The effect was approximately twice as pronounced in Southern states compared to non-Southern states, according to the report.

Impact on Infant Deaths

Infant mortality in the US has been on a general decline, but the new analysis found that in the 14 states with abortion bans, infant deaths were 5.6% higher than expected, accounting for 478 additional deaths. Texas, with its earlier restrictions, experienced 384 of these additional deaths.
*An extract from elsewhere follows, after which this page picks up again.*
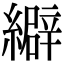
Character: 䌟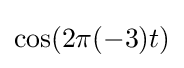
\cos(2\pi (-3)t)

Additional findings reported across the 14 states with bans included:

  • Black infants died at a rate 11.0% higher than would be expected, equivalent to 265 additional infant deaths, or a 1.15 increase in the death rate per 1,000 live births—10.66 expected per 1,000 versus 11.81 observed.
  • The infant mortality rate due to congenital anomalies increased 10.9%, from 1.24 infant deaths expected per 1,000 versus 1.37 per 1,000 observed.
  • The infant mortality rate not due to congenital anomalies increased 4.2% from 4.69 infant deaths expected per 1,000 to 4.89 observed.

“These findings suggest that restrictive abortion policies may be reversing decades of progress in reducing infant deaths in the US,” Alison Gemmill, PhD, associate professor in the Bloomberg School’s Department of Population, Family and Reproductive Health and the infant-death study’s co-lead author, said in the statement. “The data also show a clear pattern of abortion bans disproportionately affecting regions and populations already struggling with poor health outcomes, including Black infants and infants born in the South.”

The authors acknowledge limitations across the 2 studies, including potential impacts from policy changes in states without bans and incomplete data in some cases. They urge policymakers to consider the downstream health consequences of abortion bans, particularly among disadvantaged populations.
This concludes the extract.